It is no surprise that digital transformation is rapidly being adopted across businesses in Australia and New Zealand (A/NZ), especially with emerging technologies such as the Internet of Things (IoT), artificial intelligence (AI) and machine learning leading the charge.
But a closer look into the strategies behind digital show business uncertainties, according to findings of a study by Pure Storage.
In the study, Pure Storage revealed that digital transformation is reaching a tipping point across the region, with 57 per cent of businesses across A/NZ, and 46 per cent of businesses across the Asia Pacific and Japan region, now deriving more than half their revenue from digital streams.
The independent survey which polled more than 3,000 organisations in Asia-Pacific and Japan and 500 in A/NZ, also found that 52 per cent of businesses in A/NZ are looking to digital services to drive faster innovation, while 44 per cent said digital services can help them determine new potential business models.
But against this digital gold rush, businesses across A/NZ are still unsure about the optimal IT strategy that underpins their move to digital, and who is responsible for it, it stated.
Specifically, companies in A/NZ are on the fence about cloud – 50 per cent of businesses polled said they plan to move their business critical workloads to public cloud in the next 18 to 24 months, with the rest planning to adopt private cloud solutions.
In addition, it found that 34 per cent of A/NZ enterprises have moved workloads from public cloud back to on-premises, with the biggest concern against public cloud use being security (57 per cent of respondents).
Pure Storage A/NZ regional vice-president, Mike Sakalas, said local enterprises are learning that if they want to build out a new class of web-scale applications and leverage the latest in predictive analytics, AI, and machine learning, they need the right data strategy and platform.
“Australian and New Zealand businesses have faced a colossal shift in infrastructure in light of digital transformation over the last few years.

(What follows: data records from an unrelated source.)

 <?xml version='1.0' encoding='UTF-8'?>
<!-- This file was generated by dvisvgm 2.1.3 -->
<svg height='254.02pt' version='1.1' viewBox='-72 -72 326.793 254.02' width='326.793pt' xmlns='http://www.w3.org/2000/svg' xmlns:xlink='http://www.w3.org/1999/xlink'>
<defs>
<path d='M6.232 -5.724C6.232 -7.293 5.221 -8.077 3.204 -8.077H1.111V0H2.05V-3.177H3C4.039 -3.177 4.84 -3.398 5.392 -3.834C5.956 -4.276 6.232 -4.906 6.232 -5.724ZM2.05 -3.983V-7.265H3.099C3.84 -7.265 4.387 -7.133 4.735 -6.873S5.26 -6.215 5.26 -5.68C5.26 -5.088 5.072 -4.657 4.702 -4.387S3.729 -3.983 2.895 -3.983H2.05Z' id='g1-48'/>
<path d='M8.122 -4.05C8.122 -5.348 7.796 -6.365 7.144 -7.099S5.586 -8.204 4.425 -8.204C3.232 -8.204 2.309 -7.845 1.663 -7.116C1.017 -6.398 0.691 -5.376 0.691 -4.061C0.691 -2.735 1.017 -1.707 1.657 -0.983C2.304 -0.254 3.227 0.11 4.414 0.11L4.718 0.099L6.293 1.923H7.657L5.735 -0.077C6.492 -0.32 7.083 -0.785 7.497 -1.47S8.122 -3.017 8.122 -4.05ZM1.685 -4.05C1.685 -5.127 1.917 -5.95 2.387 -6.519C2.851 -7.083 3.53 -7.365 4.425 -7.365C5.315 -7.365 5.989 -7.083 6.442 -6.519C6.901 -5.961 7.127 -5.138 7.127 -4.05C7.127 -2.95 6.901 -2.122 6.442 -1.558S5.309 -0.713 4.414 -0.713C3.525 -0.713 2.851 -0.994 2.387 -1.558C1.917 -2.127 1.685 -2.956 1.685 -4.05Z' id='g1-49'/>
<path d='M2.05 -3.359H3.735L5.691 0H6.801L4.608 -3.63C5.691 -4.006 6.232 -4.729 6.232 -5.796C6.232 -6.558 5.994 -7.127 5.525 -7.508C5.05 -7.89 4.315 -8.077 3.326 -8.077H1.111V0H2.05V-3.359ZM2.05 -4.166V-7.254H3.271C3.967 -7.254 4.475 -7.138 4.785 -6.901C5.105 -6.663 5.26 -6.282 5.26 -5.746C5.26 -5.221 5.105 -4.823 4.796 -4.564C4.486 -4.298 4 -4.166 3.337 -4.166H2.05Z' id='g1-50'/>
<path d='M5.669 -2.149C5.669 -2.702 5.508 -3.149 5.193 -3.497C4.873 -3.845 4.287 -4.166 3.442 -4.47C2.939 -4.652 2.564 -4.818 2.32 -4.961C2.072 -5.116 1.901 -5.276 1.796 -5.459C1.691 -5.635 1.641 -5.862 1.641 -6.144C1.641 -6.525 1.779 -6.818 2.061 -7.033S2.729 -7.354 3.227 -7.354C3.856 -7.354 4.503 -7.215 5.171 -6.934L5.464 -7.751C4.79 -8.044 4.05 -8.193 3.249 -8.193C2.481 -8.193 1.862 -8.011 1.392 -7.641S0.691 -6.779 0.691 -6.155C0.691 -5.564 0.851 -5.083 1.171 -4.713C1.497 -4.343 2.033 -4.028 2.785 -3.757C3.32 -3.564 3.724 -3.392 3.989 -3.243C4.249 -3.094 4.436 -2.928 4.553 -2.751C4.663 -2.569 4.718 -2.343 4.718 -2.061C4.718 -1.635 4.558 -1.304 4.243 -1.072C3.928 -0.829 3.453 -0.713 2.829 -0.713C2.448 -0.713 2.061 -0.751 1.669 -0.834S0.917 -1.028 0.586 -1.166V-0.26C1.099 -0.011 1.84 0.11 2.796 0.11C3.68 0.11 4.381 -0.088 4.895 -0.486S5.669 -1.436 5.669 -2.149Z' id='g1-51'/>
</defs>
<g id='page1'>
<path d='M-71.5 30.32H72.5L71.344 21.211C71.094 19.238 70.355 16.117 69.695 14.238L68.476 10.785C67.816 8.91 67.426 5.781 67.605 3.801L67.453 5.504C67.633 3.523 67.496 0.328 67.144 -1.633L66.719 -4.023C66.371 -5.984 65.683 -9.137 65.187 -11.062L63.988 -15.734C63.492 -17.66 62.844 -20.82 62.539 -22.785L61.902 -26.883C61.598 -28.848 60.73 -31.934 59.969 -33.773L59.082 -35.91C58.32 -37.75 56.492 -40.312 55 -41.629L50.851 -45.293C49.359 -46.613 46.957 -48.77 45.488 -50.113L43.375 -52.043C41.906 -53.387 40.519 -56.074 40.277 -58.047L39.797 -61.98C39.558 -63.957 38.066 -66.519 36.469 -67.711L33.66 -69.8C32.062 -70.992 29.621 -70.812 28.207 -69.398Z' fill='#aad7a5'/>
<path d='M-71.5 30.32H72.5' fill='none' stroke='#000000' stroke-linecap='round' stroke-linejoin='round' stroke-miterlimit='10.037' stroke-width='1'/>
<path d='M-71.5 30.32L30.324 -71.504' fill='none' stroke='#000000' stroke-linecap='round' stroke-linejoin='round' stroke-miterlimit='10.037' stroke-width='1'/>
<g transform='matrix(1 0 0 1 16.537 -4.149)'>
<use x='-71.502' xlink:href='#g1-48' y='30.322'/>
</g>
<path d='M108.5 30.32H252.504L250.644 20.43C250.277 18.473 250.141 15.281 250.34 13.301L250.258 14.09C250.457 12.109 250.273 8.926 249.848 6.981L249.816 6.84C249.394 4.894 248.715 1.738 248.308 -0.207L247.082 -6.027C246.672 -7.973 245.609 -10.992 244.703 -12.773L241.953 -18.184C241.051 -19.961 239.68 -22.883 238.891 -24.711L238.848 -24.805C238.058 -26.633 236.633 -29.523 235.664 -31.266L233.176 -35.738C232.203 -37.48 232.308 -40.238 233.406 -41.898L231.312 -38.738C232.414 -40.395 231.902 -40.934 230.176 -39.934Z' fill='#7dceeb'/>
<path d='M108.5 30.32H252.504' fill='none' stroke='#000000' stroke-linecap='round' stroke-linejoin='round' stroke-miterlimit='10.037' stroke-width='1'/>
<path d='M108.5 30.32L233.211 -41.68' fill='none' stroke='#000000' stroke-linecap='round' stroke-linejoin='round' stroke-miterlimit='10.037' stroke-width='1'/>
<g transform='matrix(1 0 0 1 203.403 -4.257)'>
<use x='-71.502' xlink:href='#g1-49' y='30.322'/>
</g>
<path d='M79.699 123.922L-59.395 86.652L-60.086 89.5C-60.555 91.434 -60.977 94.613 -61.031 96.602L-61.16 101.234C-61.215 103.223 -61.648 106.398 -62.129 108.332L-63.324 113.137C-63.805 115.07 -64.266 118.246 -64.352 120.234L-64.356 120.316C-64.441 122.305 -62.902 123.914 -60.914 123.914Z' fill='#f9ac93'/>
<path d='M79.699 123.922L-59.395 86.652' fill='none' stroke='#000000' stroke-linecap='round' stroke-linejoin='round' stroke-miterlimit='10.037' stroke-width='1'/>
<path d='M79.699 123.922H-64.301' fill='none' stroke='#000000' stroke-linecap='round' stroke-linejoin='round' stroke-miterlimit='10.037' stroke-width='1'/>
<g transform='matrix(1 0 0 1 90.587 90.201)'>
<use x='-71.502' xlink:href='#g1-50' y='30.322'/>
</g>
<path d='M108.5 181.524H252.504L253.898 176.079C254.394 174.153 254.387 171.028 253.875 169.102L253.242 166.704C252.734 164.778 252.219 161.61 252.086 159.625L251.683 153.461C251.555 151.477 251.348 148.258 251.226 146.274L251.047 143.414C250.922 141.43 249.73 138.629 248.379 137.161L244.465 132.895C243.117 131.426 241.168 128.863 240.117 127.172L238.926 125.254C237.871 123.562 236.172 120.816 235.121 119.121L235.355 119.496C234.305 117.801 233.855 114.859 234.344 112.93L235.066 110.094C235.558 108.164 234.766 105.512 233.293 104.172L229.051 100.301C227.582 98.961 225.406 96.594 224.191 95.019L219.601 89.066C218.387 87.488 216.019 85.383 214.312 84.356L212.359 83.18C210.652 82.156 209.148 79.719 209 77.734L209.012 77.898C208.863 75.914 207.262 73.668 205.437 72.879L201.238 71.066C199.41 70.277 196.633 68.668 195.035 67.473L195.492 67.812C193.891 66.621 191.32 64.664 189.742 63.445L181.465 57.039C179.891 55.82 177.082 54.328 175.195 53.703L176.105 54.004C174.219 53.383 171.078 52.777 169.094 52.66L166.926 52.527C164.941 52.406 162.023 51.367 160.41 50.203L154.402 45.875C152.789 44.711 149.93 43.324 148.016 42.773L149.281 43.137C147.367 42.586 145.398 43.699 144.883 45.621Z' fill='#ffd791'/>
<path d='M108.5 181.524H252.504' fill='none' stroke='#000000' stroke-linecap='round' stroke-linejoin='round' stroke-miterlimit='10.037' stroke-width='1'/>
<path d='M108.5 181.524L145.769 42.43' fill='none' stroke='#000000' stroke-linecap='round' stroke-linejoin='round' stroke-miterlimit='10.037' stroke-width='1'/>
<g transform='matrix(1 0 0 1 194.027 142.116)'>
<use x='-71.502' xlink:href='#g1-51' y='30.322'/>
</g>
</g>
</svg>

“But this drive to digital hasn’t translated into a headlong rush to public cloud, like in other regions, making it clear that organisations across A/NZ are being thoughtful about how they store, collect, and use data,” he mentioned.
But with the right strategies in place, businesses might find success in these areas.
The study found that public cloud is poised to grow in Asia-Pacific and Japan, with 54 per cent of respondents in the region planning to increase public cloud usage over the next 18 to 24 months.
Pure Storage Asia Pacific and Japan regional vice-president, Michael Alp, said businesses need to understand how to use the entire data ecosystem — cloud and on-premises — in order to put their data to work and mine insights to deliver customer results.
“It’s clear that digital transformation is no longer just a buzzword, it’s actually happening. This transformation will affect all businesses across the region in the coming years, forcing them to reconsider how and when they collect and use data,” he added.